On the other hand, Ronnett and associates classified pseudomyxoma peritonei into three categories: (1) disseminated peritoneal adenomucinosis (DPAM), where there is abundant mucin and scanty simple mucinous cells with little atypia and mitotic activity, (2) peritoneal mucinous carcinomatosis (PMCA), where the cellular and architectural features of carcinoma exist, and (3) peritoneal mucinous carcinomatosis with intermediate or discordant features (PMCA-I/D), where intermediate features exist . The prognosis is best for DPAM followed by PMCA-I/D and is worst for PMCA. The prognostic implications of this classification have been validated in a recent work, where it was found that the 10-year survival rate for the three categories is 65.0%, 28.0%, and 14.0%, respectively, with the younger age carrying a poorer prognosis .
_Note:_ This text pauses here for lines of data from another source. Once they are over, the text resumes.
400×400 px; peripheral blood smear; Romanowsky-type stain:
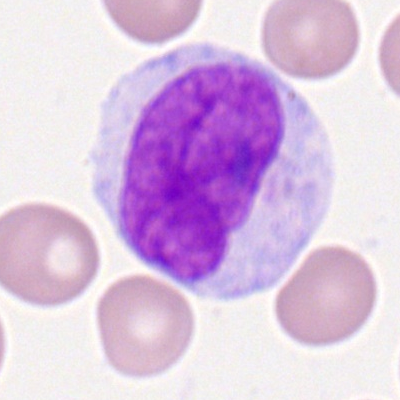
{"cell_type": "monocyte"}
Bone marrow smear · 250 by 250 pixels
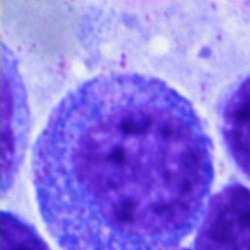
Specimen: bone marrow aspirate smear.
Cell: promyelocyte.
Lineage: myeloid.
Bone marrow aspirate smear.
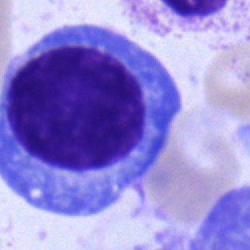 Specimen: bone marrow aspirate smear.
Morphological class: plasma cell.
Lineage: lymphoid.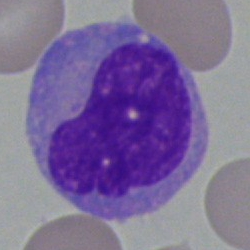Monocyte.
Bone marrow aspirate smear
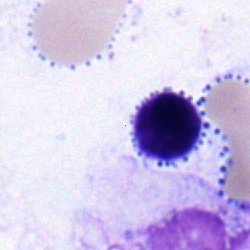
Morphological class = typical lymphocyte.
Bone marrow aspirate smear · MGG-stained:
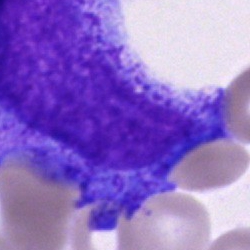 Morphology consistent with a promyelocyte.
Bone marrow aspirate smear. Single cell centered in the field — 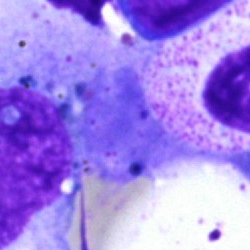 An artifact.
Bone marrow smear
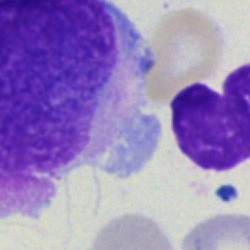 Impression — artefact.
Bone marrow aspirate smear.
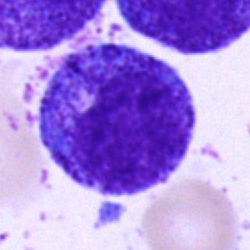The cell type is promyelocyte.
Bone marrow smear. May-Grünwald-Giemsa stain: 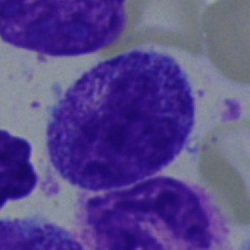 Morphology consistent with a myelocyte.
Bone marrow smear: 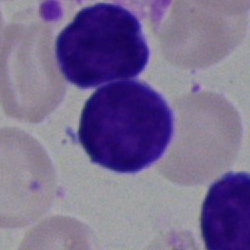
A lymphocyte.
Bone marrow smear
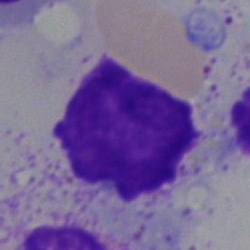 Q: What is shown here?
A: This is an artifact.
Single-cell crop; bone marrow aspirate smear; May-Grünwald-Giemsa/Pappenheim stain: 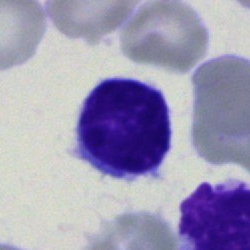

Morphological class — lymphocyte.
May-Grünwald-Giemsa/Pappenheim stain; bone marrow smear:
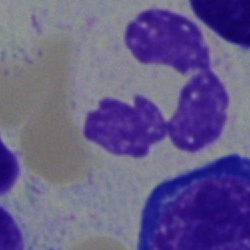
Cell type: polymorphonuclear neutrophil.
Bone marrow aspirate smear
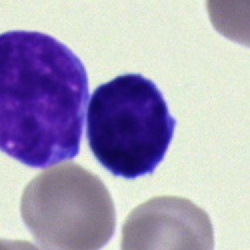Specimen: bone marrow smear.
Morphological class: lymphocyte.
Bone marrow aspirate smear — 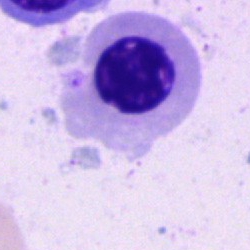
Q: What type of cell is this?
A: This is a nucleated red cell.
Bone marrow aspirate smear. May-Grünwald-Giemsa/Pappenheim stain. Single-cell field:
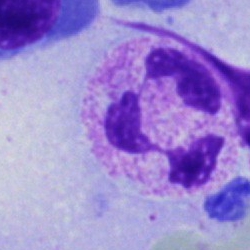Q: What cell is this?
A: It is a polymorphonuclear neutrophil.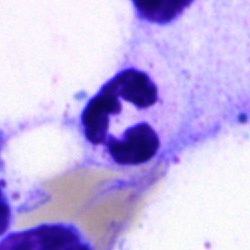Morphology → segmented neutrophil.
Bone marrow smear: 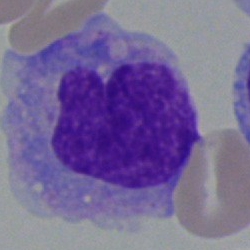 Morphological class — monocyte.
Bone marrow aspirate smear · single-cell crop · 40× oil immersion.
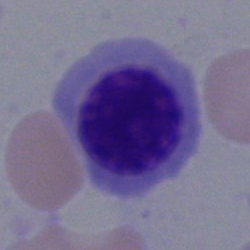
Classification: erythroblast.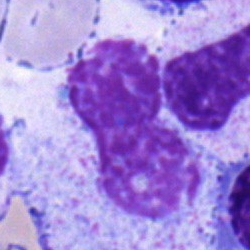Impression — metamyelocyte.
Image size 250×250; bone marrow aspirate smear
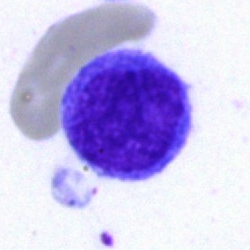 Q: What cell is this?
A: It is a typical lymphocyte.
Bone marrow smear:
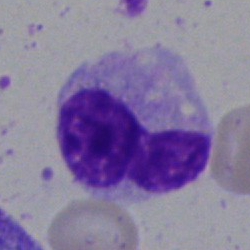Q: What is shown here?
A: This is a stab cell.
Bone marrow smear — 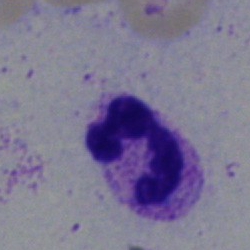Q: Identify the cell.
A: A neutrophil (segmented).
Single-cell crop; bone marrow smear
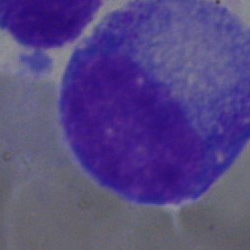 Morphology → promyelocyte.
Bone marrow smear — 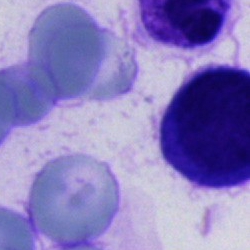Cell type: cell of indeterminate lineage.
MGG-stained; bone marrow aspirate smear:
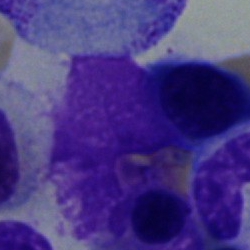Cell = polymorphonuclear neutrophil.
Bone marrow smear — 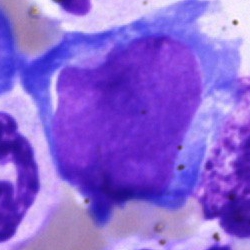
Classification = pronormoblast.
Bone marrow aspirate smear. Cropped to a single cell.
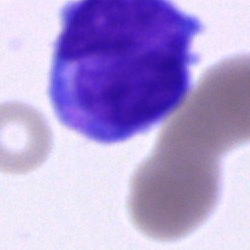

{"cell_type": "blast cell"}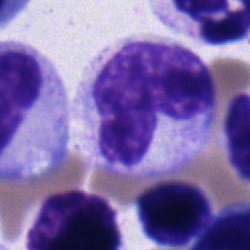Showing a band neutrophil.
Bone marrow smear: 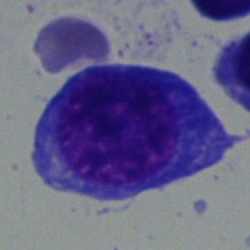The classification is proerythroblast.
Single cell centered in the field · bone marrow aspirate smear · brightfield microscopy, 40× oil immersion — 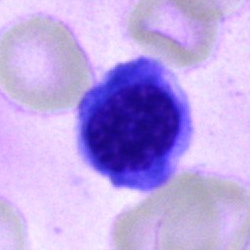
Cell: erythroblast.
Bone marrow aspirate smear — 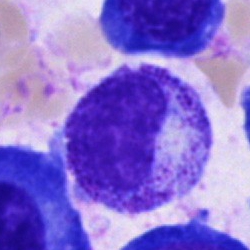
Cell = promyelocyte.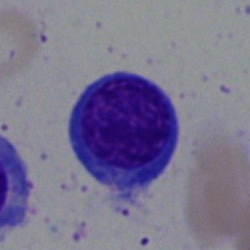Classification — normoblast.
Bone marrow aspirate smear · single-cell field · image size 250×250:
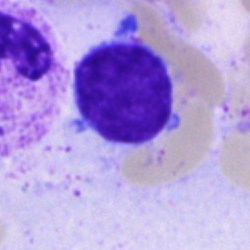
A typical lymphocyte.
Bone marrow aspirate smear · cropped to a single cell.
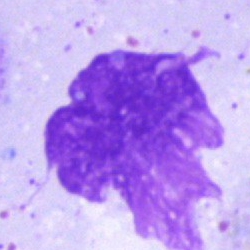
Cell type — artefact.
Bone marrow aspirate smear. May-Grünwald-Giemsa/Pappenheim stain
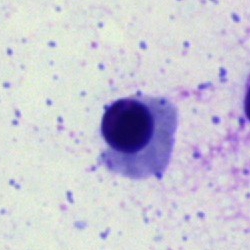Showing a nucleated red blood cell.
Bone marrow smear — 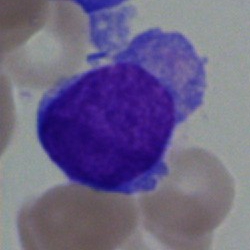

Impression → blast cell.
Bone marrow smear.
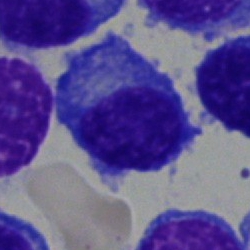 A plasmacyte.
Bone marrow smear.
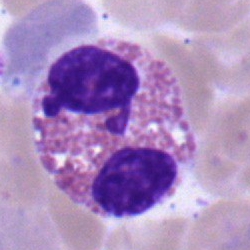 Morphology → eosinophil.
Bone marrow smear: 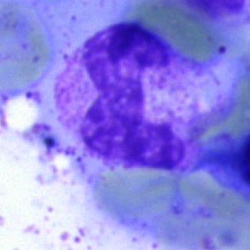 Specimen: bone marrow smear.
Morphological class: band-form neutrophil.
Lineage: myeloid.
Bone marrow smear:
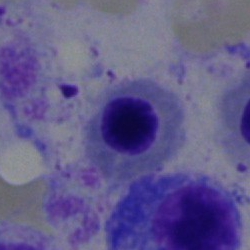

Specimen: bone marrow smear.
Cell: nucleated red blood cell.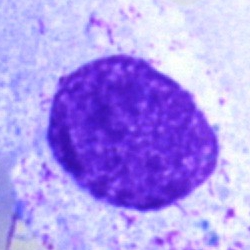
Q: What is shown here?
A: Artifact.
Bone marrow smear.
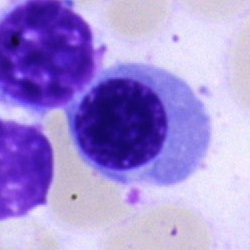The cell is normoblast.
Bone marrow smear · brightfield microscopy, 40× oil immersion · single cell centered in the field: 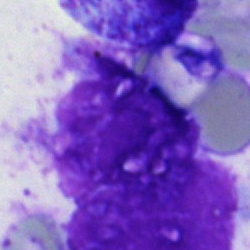The classification is artifact.
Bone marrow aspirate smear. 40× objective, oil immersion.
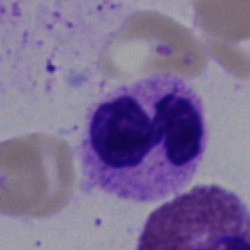 The cell shown is a polymorphonuclear neutrophil.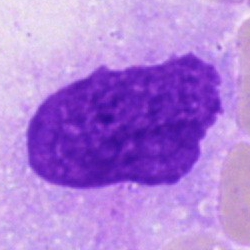

This is an artifact.
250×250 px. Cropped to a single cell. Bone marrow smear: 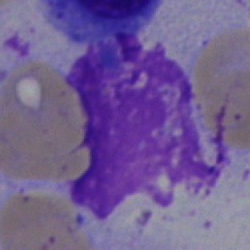Cell type = artefact.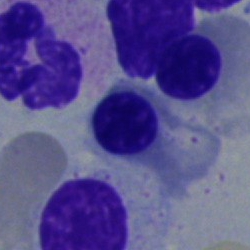Specimen: bone marrow aspirate smear.
Cell: normoblast.
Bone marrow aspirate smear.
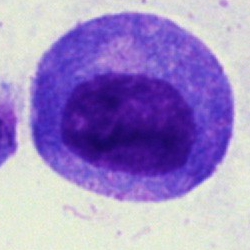

Morphology — progranulocyte.
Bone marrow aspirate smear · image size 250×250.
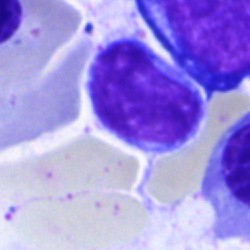Specimen: bone marrow smear.
Cell type: typical lymphocyte.
Lineage: lymphoid.
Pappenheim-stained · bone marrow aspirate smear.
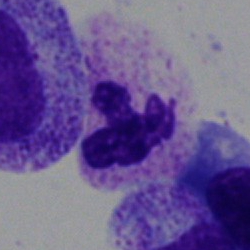
Classification: segmented neutrophil.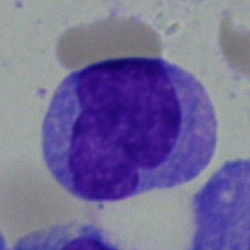Q: What cell is this?
A: Monocyte.
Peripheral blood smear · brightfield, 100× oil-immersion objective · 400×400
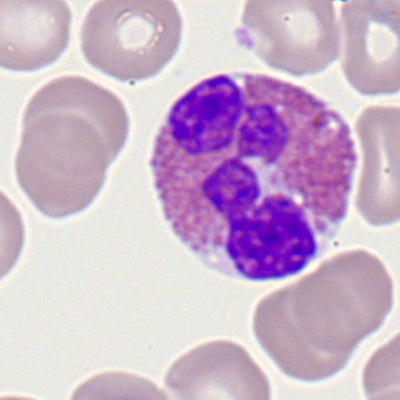
Q: What is shown here?
A: An eosinophil.
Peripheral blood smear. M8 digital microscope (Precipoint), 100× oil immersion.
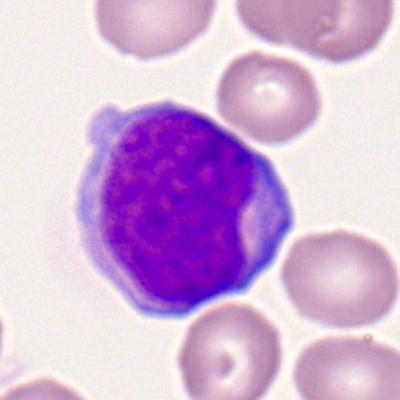
Q: What is shown here?
A: It is a myeloblast.
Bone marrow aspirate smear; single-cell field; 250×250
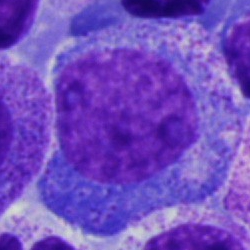 Morphology → promyelocyte.
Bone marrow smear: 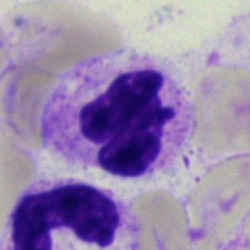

Like the term “mucocele,” some authors discourage using the term pseudomyxoma peritonei, with the pretext that it is a morphologic rather than an accurate pathologic term . Our opinion is on the contrary for the same reasons given before to retain the term “mucocele” in common use. The management of pseudomyxoma peritonei entails cytoreductive surgery as well as chemotherapy. During surgery, peritonectomy, which is a complex and lengthy procedure, taking an average of 10 hours, is performed. It is combined with intraperitoneal and, recently, intraoperative intraperitoneal heated chemotherapy [11, 12]. Both procedures have high morbidity and mortality rates, and, for this reason, centralization of the management to few centres has been called for. This aims to deepen the experience with a rarely encountered disease and thus improve the outcome of therapy. In this series, two cases of pseudomyxoma peritonei associated with cystadenocarcinoma of the appendix were encountered. The first case received right hemicolectomy, from which she convalesced. Unfortunately, five weeks after surgery, she developed inferior myocardial infarct with left ventricular extension. Therefore, no further oncologic referral was done. The second patient was admitted for cholecystectomy, and mucocele of the appendix with pseudomyxoma peritonei was found. Laparoscopic appendectomy and peritoneal biopsy were done and the patient was referred to the oncologist for subsequent management.
Mucocele of the appendix should be considered in the differential diagnosis of cystic lesions in the right lower abdomen. Owing to its rarity, it continues to intrigue the surgeon as well as the radiologist and pathologist alike. For mucinous cystadenocarcinoma, right hemicolectomy is usually needed, whereas for hyperplasia and cystadenoma, appendectomy usually suffices if the resection margins are free. For mucinous tumours of uncertain malignant potential and low grade mucinous tumours as well as pseudomyxoma peritonei, the decision is not as simple. As for laparoscopic surgery, no solid proof exists with or against its safety. Although not yet standardized, perioperative colonoscopy and regular follow-up to detect early recurrences should probably be part of the management plan.
Conflict of Interests
The authors declare that there is no conflict of interests regarding the publication of this paper.